- **WHAT THE TASK ASKS**
Looking at the entries, say how many lines contain the string "rule". Offer nothing besides the number.

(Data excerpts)
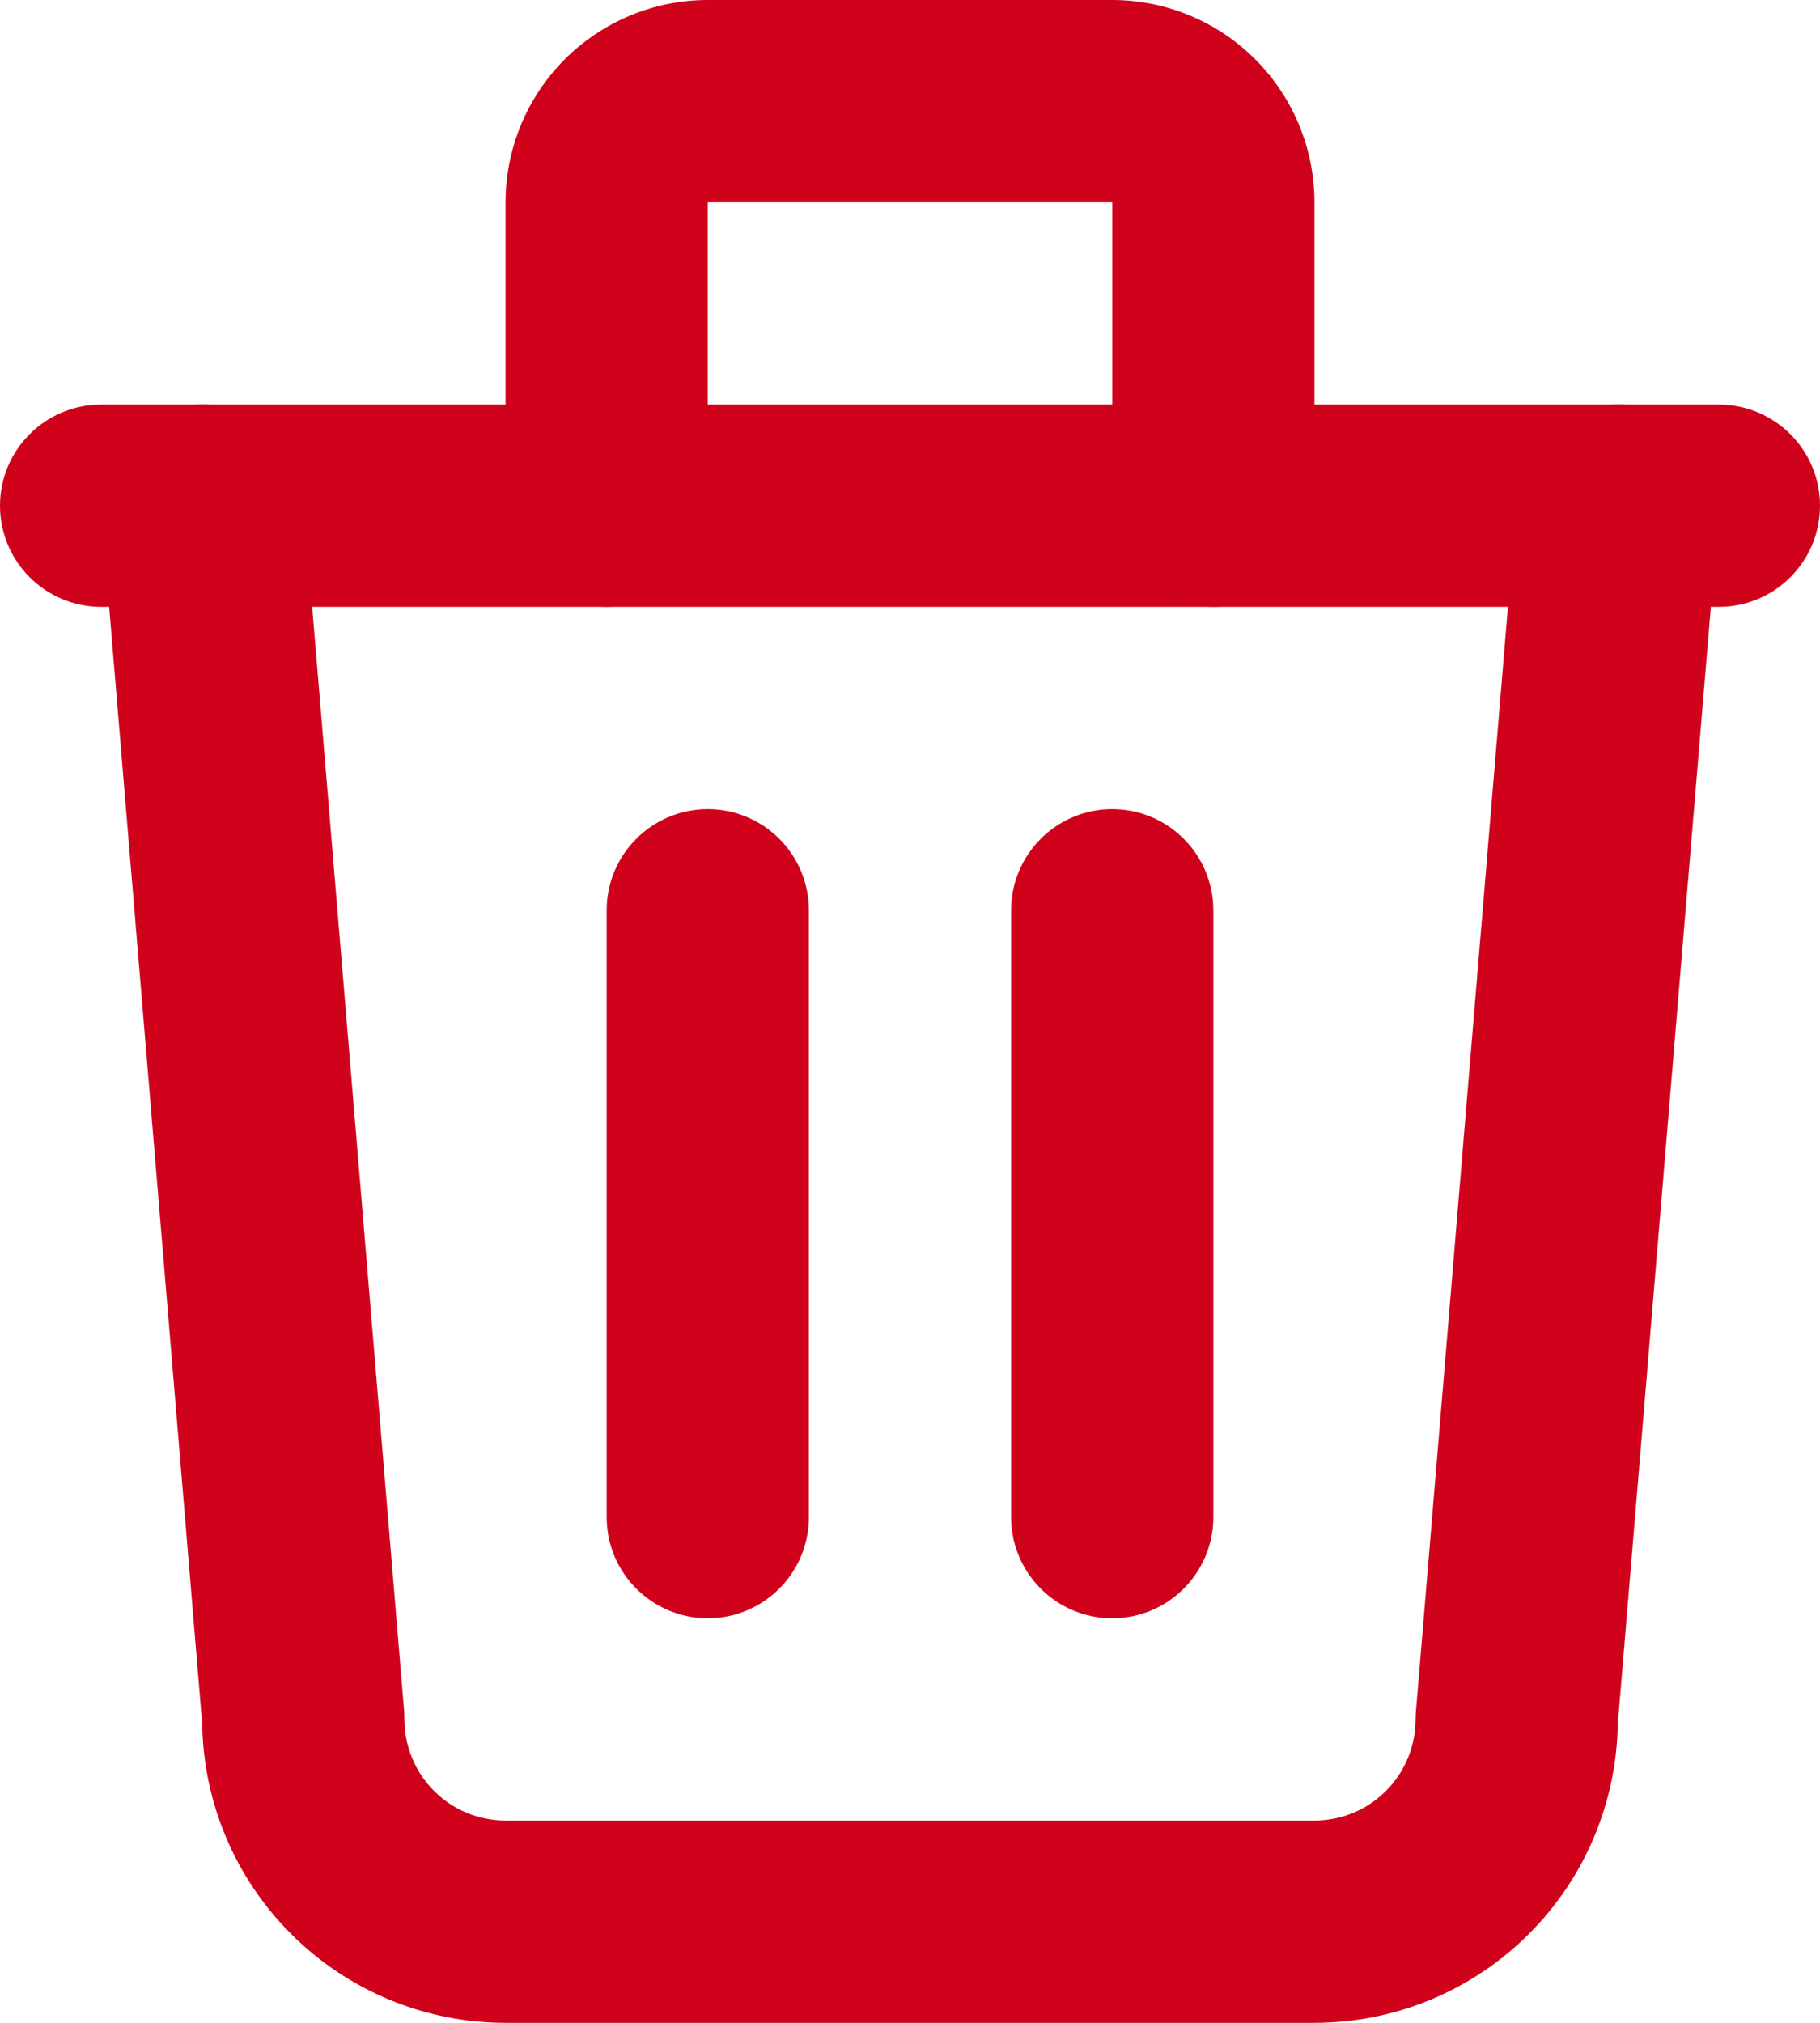 <svg width="18" height="20" viewBox="0 0 18 20" fill="none" xmlns="http://www.w3.org/2000/svg">
<path fill-rule="evenodd" clip-rule="evenodd" d="M0 5C0 4.448 0.448 4 1 4H17C17.552 4 18 4.448 18 5C18 5.552 17.552 6 17 6H1C0.448 6 0 5.552 0 5Z" fill="#D0021B"/>
<path fill-rule="evenodd" clip-rule="evenodd" d="M7 8C7.552 8 8 8.448 8 9V15C8 15.552 7.552 16 7 16C6.448 16 6 15.552 6 15V9C6 8.448 6.448 8 7 8Z" fill="#D0021B"/>
<path fill-rule="evenodd" clip-rule="evenodd" d="M11 8C11.552 8 12 8.448 12 9V15C12 15.552 11.552 16 11 16C10.448 16 10 15.552 10 15V9C10 8.448 10.448 8 11 8Z" fill="#D0021B"/>
<path fill-rule="evenodd" clip-rule="evenodd" d="M1.917 4.003C2.467 3.958 2.951 4.367 2.997 4.917L3.997 16.917C3.999 16.945 4 16.972 4 17C4 17.265 4.105 17.52 4.293 17.707C4.48 17.895 4.735 18 5 18H13C13.265 18 13.52 17.895 13.707 17.707C13.895 17.52 14 17.265 14 17C14 16.972 14.001 16.945 14.004 16.917L15.004 4.917C15.049 4.367 15.533 3.958 16.083 4.003C16.634 4.049 17.042 4.533 16.997 5.083L16 17.046C15.988 17.825 15.673 18.57 15.121 19.121C14.559 19.684 13.796 20 13 20H5C4.204 20 3.441 19.684 2.879 19.121C2.327 18.57 2.012 17.825 2 17.046L1.003 5.083C0.958 4.533 1.367 4.049 1.917 4.003Z" fill="#D0021B"/>
<path fill-rule="evenodd" clip-rule="evenodd" d="M5.586 0.586C5.961 0.211 6.47 0 7 0H11C11.53 0 12.039 0.211 12.414 0.586C12.789 0.961 13 1.47 13 2V5C13 5.552 12.552 6 12 6C11.448 6 11 5.552 11 5V2H7L7 5C7 5.552 6.552 6 6 6C5.448 6 5 5.552 5 5V2C5 1.47 5.211 0.961 5.586 0.586Z" fill="#D0021B"/>
</svg>

- **TASK ANSWER**
5